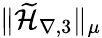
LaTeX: \| \widetilde{\mathcal{H}}_{\nabla,3}\| _{\mu}
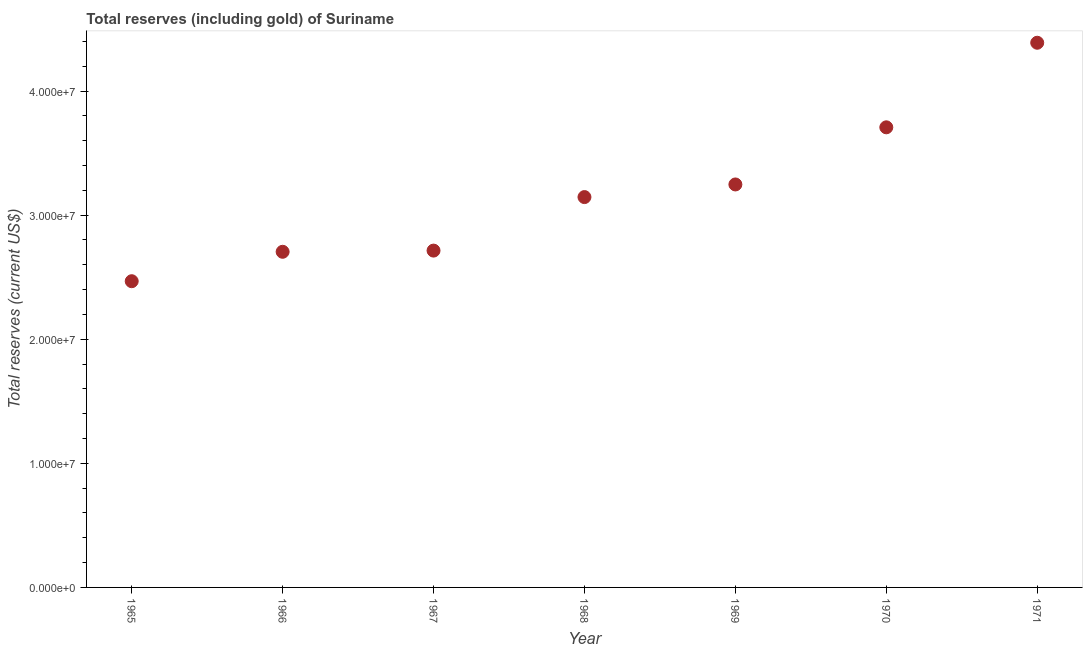
| Year | Total reserves (includes gold |
 | --- | --- |
 | 1965 | 2.47e+07 |
 | 1966 | 2.7e+07 |
 | 1967 | 2.71e+07 |
 | 1968 | 3.15e+07 |
 | 1969 | 3.25e+07 |
 | 1970 | 3.71e+07 |
 | 1971 | 4.39e+07 |
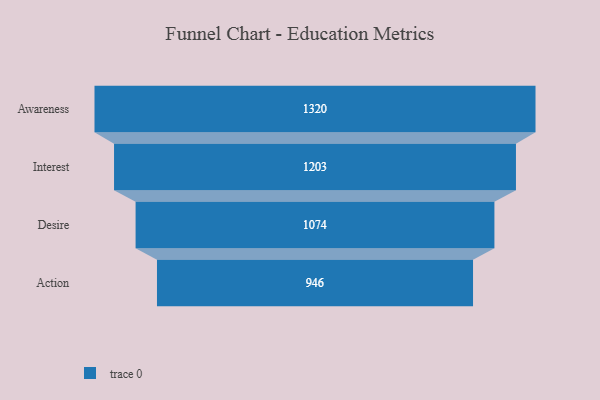
{"axis": {"x": "Stage", "y": "Value"}, "legend": [""], "data": [{"x": "Awareness", "y": 1320.0, "type": ""}, {"x": "Interest", "y": 1203.0, "type": ""}, {"x": "Desire", "y": 1074.0, "type": ""}, {"x": "Action", "y": 946.0, "type": ""}]}
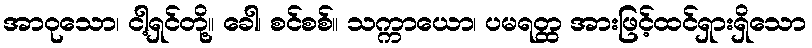
အာဝုသော၊ ငါ့ရှင်တို့။ ခေါ၊ စင်စစ်။ သက္ကာယော၊ ပမရတ္ထ အားဖြင့်ထင်ရှားရှိသော
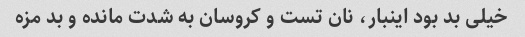
خیلی بد بود اینبار، نان تست و کروسان به شدت مانده و بد مزه
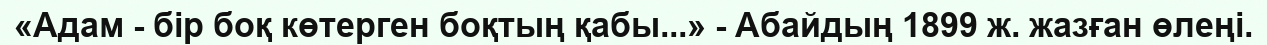
«Адам - бір боқ көтерген боқтың қабы...» - Абайдың 1899 ж. жазған өлеңі.
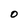
Character: 0
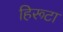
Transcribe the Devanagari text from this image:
हिरूटा
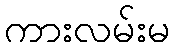
ကားလမ်းမ
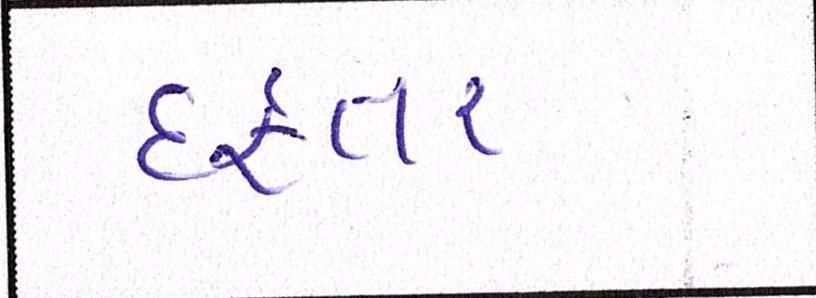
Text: દફતર
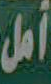
أمل
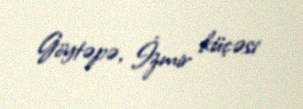
Göytəpə, İzmir küçəsi
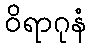
ဝိရာဂုနံ
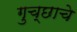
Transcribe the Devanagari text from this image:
गुच्छाचे
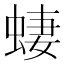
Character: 𫋂
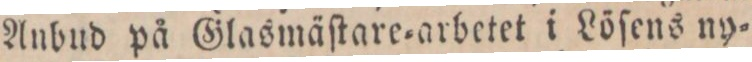
Anbud på Glasmäſtare=arbetet i Löſens ny=
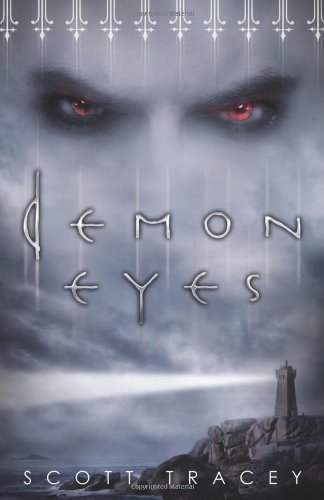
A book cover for Demon Eyes (Witch Eyes); Scott Tracey; Teen & Young Adult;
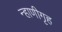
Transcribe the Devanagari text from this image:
न्हाणीगृह
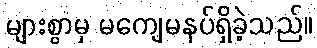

--- --- ---

WORK REQUEST ▸ Pictures don't belong in the copy. Restate all the entries exactly.

WRITTEN SOLUTION ▸
LaTeX: \| \widetilde{\mathcal{H}}_{\nabla,3}\| _{\mu}
| Year | Total reserves (includes gold |
 | --- | --- |
 | 1965 | 2.47e+07 |
 | 1966 | 2.7e+07 |
 | 1967 | 2.71e+07 |
 | 1968 | 3.15e+07 |
 | 1969 | 3.25e+07 |
 | 1970 | 3.71e+07 |
 | 1971 | 4.39e+07 |
{"axis": {"x": "Stage", "y": "Value"}, "legend": [""], "data": [{"x": "Awareness", "y": 1320.0, "type": ""}, {"x": "Interest", "y": 1203.0, "type": ""}, {"x": "Desire", "y": 1074.0, "type": ""}, {"x": "Action", "y": 946.0, "type": ""}]}
အာဝုသော၊ ငါ့ရှင်တို့။ ခေါ၊ စင်စစ်။ သက္ကာယော၊ ပမရတ္ထ အားဖြင့်ထင်ရှားရှိသော
خیلی بد بود اینبار، نان تست و کروسان به شدت مانده و بد مزه
«Адам - бір боқ көтерген боқтың қабы...» - Абайдың 1899 ж. жазған өлеңі.
Character: 0
Transcribe the Devanagari text from this image:
हिरूटा
ကားလမ်းမ
Text: દફતર
أمل
Göytəpə, İzmir küçəsi
ဝိရာဂုနံ
Transcribe the Devanagari text from this image:
गुच्छाचे
Character: 𫋂
Anbud på Glasmäſtare=arbetet i Löſens ny=
A book cover for Demon Eyes (Witch Eyes); Scott Tracey; Teen & Young Adult;
Transcribe the Devanagari text from this image:
न्हाणीगृह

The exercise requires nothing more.